# Assignment
Set down exactly the lines in the records below that run from the line with "#90=VERTEX_POINT('',#89);" to the line with "#219=EDGE_CURVE('',#176,#214,#218,.T.);", inclusive, and nothing more.

Data items:
--- START ---

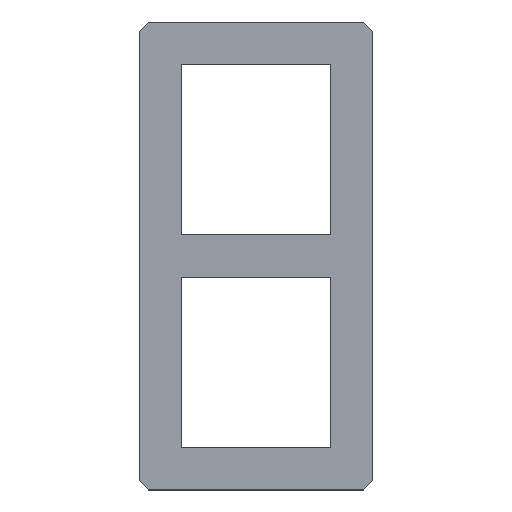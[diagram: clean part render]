
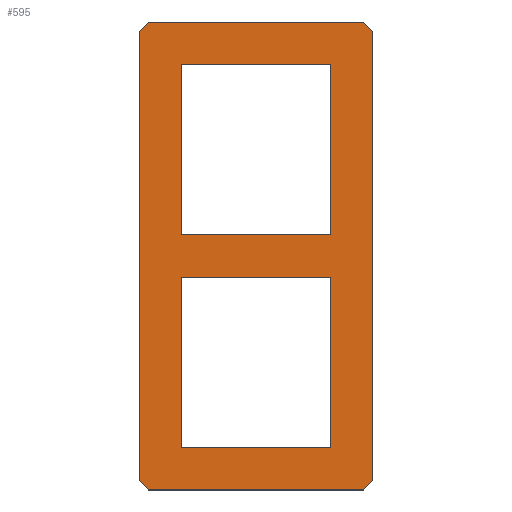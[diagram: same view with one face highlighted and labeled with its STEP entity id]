
A CAD part, top view. The second image highlights one B-rep face of the part: STEP entity #595.
In plain terms, the highlighted planar face has unit normal (0, 0, 1).
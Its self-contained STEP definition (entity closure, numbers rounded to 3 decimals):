
#49=CARTESIAN_POINT('',(-16.,-4.5,0.5));
#50=VERTEX_POINT('',#49);
#51=CARTESIAN_POINT('',(16.,-4.5,0.5));
#52=VERTEX_POINT('',#51);
#53=CARTESIAN_POINT('',(-16.,-4.5,0.5));
#54=DIRECTION('',(1.0,0.0,0.0));
#55=VECTOR('',#54,32.);
#56=LINE('',#53,#55);
#57=EDGE_CURVE('',#50,#52,#56,.T.);
#89=CARTESIAN_POINT('',(16.,-41.,0.5));
#90=VERTEX_POINT('',#89);
#91=CARTESIAN_POINT('',(16.,-4.5,0.5));
#92=DIRECTION('',(0.0,-1.0,0.0));
#93=VECTOR('',#92,36.5);
#94=LINE('',#91,#93);
#95=EDGE_CURVE('',#52,#90,#94,.T.);
#120=CARTESIAN_POINT('',(-16.,-41.,0.5));
#121=VERTEX_POINT('',#120);
#122=CARTESIAN_POINT('',(16.,-41.,0.5));
#123=DIRECTION('',(-1.0,0.0,0.0));
#124=VECTOR('',#123,32.);
#125=LINE('',#122,#124);
#126=EDGE_CURVE('',#90,#121,#125,.T.);
#151=CARTESIAN_POINT('',(-16.,-41.,0.5));
#152=DIRECTION('',(0.0,1.0,0.0));
#153=VECTOR('',#152,36.5);
#154=LINE('',#151,#153);
#155=EDGE_CURVE('',#121,#50,#154,.T.);
#173=CARTESIAN_POINT('',(16.,41.,0.5));
#174=VERTEX_POINT('',#173);
#175=CARTESIAN_POINT('',(16.,4.5,0.5));
#176=VERTEX_POINT('',#175);
#177=CARTESIAN_POINT('',(16.,41.,0.5));
#178=DIRECTION('',(0.0,-1.0,0.0));
#179=VECTOR('',#178,36.5);
#180=LINE('',#177,#179);
#181=EDGE_CURVE('',#174,#176,#180,.T.);
#213=CARTESIAN_POINT('',(-16.,4.5,0.5));
#214=VERTEX_POINT('',#213);
#215=CARTESIAN_POINT('',(16.,4.5,0.5));
#216=DIRECTION('',(-1.0,0.0,0.0));
#217=VECTOR('',#216,32.);
#218=LINE('',#215,#217);
#219=EDGE_CURVE('',#176,#214,#218,.T.);
#244=CARTESIAN_POINT('',(-16.,41.,0.5));
#245=VERTEX_POINT('',#244);
#246=CARTESIAN_POINT('',(-16.,4.5,0.5));
#247=DIRECTION('',(0.0,1.0,0.0));
#248=VECTOR('',#247,36.5);
#249=LINE('',#246,#248);
#250=EDGE_CURVE('',#214,#245,#249,.T.);
#275=CARTESIAN_POINT('',(-16.,41.,0.5));
#276=DIRECTION('',(1.0,0.0,0.0));
#277=VECTOR('',#276,32.);
#278=LINE('',#275,#277);
#279=EDGE_CURVE('',#245,#174,#278,.T.);
#381=CARTESIAN_POINT('',(-25.,48.,0.5));
#382=VERTEX_POINT('',#381);
#383=CARTESIAN_POINT('',(-23.,50.,0.5));
#384=VERTEX_POINT('',#383);
#385=CARTESIAN_POINT('',(-25.,48.,0.5));
#386=DIRECTION('',(0.707,0.707,0.0));
#387=VECTOR('',#386,2.828);
#388=LINE('',#385,#387);
#389=EDGE_CURVE('',#382,#384,#388,.T.);
#412=CARTESIAN_POINT('',(23.,50.,0.5));
#413=VERTEX_POINT('',#412);
#414=CARTESIAN_POINT('',(-23.,50.,0.5));
#415=DIRECTION('',(1.0,0.0,0.0));
#416=VECTOR('',#415,46.0);
#417=LINE('',#414,#416);
#418=EDGE_CURVE('',#384,#413,#417,.T.);
#436=CARTESIAN_POINT('',(25.,48.,0.5));
#437=VERTEX_POINT('',#436);
#438=CARTESIAN_POINT('',(23.,50.,0.5));
#439=DIRECTION('',(0.707,-0.707,0.0));
#440=VECTOR('',#439,2.828);
#441=LINE('',#438,#440);
#442=EDGE_CURVE('',#413,#437,#441,.T.);
#460=CARTESIAN_POINT('',(25.,-48.,0.5));
#461=VERTEX_POINT('',#460);
#462=CARTESIAN_POINT('',(25.,48.,0.5));
#463=DIRECTION('',(0.0,-1.0,0.0));
#464=VECTOR('',#463,96.);
#465=LINE('',#462,#464);
#466=EDGE_CURVE('',#437,#461,#465,.T.);
#484=CARTESIAN_POINT('',(23.,-50.,0.5));
#485=VERTEX_POINT('',#484);
#486=CARTESIAN_POINT('',(25.,-48.,0.5));
#487=DIRECTION('',(-0.707,-0.707,0.0));
#488=VECTOR('',#487,2.828);
#489=LINE('',#486,#488);
#490=EDGE_CURVE('',#461,#485,#489,.T.);
#508=CARTESIAN_POINT('',(-23.,-50.,0.5));
#509=VERTEX_POINT('',#508);
#510=CARTESIAN_POINT('',(23.,-50.,0.5));
#511=DIRECTION('',(-1.0,0.0,0.0));
#512=VECTOR('',#511,46.0);
#513=LINE('',#510,#512);
#514=EDGE_CURVE('',#485,#509,#513,.T.);
#532=CARTESIAN_POINT('',(-25.,-48.,0.5));
#533=VERTEX_POINT('',#532);
#534=CARTESIAN_POINT('',(-23.,-50.,0.5));
#535=DIRECTION('',(-0.707,0.707,0.0));
#536=VECTOR('',#535,2.828);
#537=LINE('',#534,#536);
#538=EDGE_CURVE('',#509,#533,#537,.T.);
#556=CARTESIAN_POINT('',(-25.,-48.,0.5));
#557=DIRECTION('',(0.0,1.0,0.0));
#558=VECTOR('',#557,96.);
#559=LINE('',#556,#558);
#560=EDGE_CURVE('',#533,#382,#559,.T.);
#568=CARTESIAN_POINT('',(0.,0.,0.5));
#569=DIRECTION('',(0.0,0.0,1.0));
#570=DIRECTION('',(1.0,0.0,0.0));
#571=AXIS2_PLACEMENT_3D('',#568,#569,#570);
#572=PLANE('',#571);
#573=ORIENTED_EDGE('',*,*,#389,.F.);
#574=ORIENTED_EDGE('',*,*,#560,.F.);
#575=ORIENTED_EDGE('',*,*,#538,.F.);
#576=ORIENTED_EDGE('',*,*,#514,.F.);
#577=ORIENTED_EDGE('',*,*,#490,.F.);
#578=ORIENTED_EDGE('',*,*,#466,.F.);
#579=ORIENTED_EDGE('',*,*,#442,.F.);
#580=ORIENTED_EDGE('',*,*,#418,.F.);
#581=EDGE_LOOP('',(#573,#574,#575,#576,#577,#578,#579,#580));
#582=FACE_OUTER_BOUND('',#581,.T.);
#583=ORIENTED_EDGE('',*,*,#57,.T.);
#584=ORIENTED_EDGE('',*,*,#95,.T.);
#585=ORIENTED_EDGE('',*,*,#126,.T.);
#586=ORIENTED_EDGE('',*,*,#155,.T.);
#587=EDGE_LOOP('',(#583,#584,#585,#586));
#588=FACE_BOUND('',#587,.T.);
#589=ORIENTED_EDGE('',*,*,#181,.T.);
#590=ORIENTED_EDGE('',*,*,#219,.T.);
#591=ORIENTED_EDGE('',*,*,#250,.T.);
#592=ORIENTED_EDGE('',*,*,#279,.T.);
#593=EDGE_LOOP('',(#589,#590,#591,#592));
#594=FACE_BOUND('',#593,.T.);
#595=ADVANCED_FACE('',(#582,#588,#594),#572,.T.);

--- END ---

# Answer section
#90=VERTEX_POINT('',#89);
#91=CARTESIAN_POINT('',(16.,-4.5,0.5));
#92=DIRECTION('',(0.0,-1.0,0.0));
#93=VECTOR('',#92,36.5);
#94=LINE('',#91,#93);
#95=EDGE_CURVE('',#52,#90,#94,.T.);
#120=CARTESIAN_POINT('',(-16.,-41.,0.5));
#121=VERTEX_POINT('',#120);
#122=CARTESIAN_POINT('',(16.,-41.,0.5));
#123=DIRECTION('',(-1.0,0.0,0.0));
#124=VECTOR('',#123,32.);
#125=LINE('',#122,#124);
#126=EDGE_CURVE('',#90,#121,#125,.T.);
#151=CARTESIAN_POINT('',(-16.,-41.,0.5));
#152=DIRECTION('',(0.0,1.0,0.0));
#153=VECTOR('',#152,36.5);
#154=LINE('',#151,#153);
#155=EDGE_CURVE('',#121,#50,#154,.T.);
#173=CARTESIAN_POINT('',(16.,41.,0.5));
#174=VERTEX_POINT('',#173);
#175=CARTESIAN_POINT('',(16.,4.5,0.5));
#176=VERTEX_POINT('',#175);
#177=CARTESIAN_POINT('',(16.,41.,0.5));
#178=DIRECTION('',(0.0,-1.0,0.0));
#179=VECTOR('',#178,36.5);
#180=LINE('',#177,#179);
#181=EDGE_CURVE('',#174,#176,#180,.T.);
#213=CARTESIAN_POINT('',(-16.,4.5,0.5));
#214=VERTEX_POINT('',#213);
#215=CARTESIAN_POINT('',(16.,4.5,0.5));
#216=DIRECTION('',(-1.0,0.0,0.0));
#217=VECTOR('',#216,32.);
#218=LINE('',#215,#217);
#219=EDGE_CURVE('',#176,#214,#218,.T.);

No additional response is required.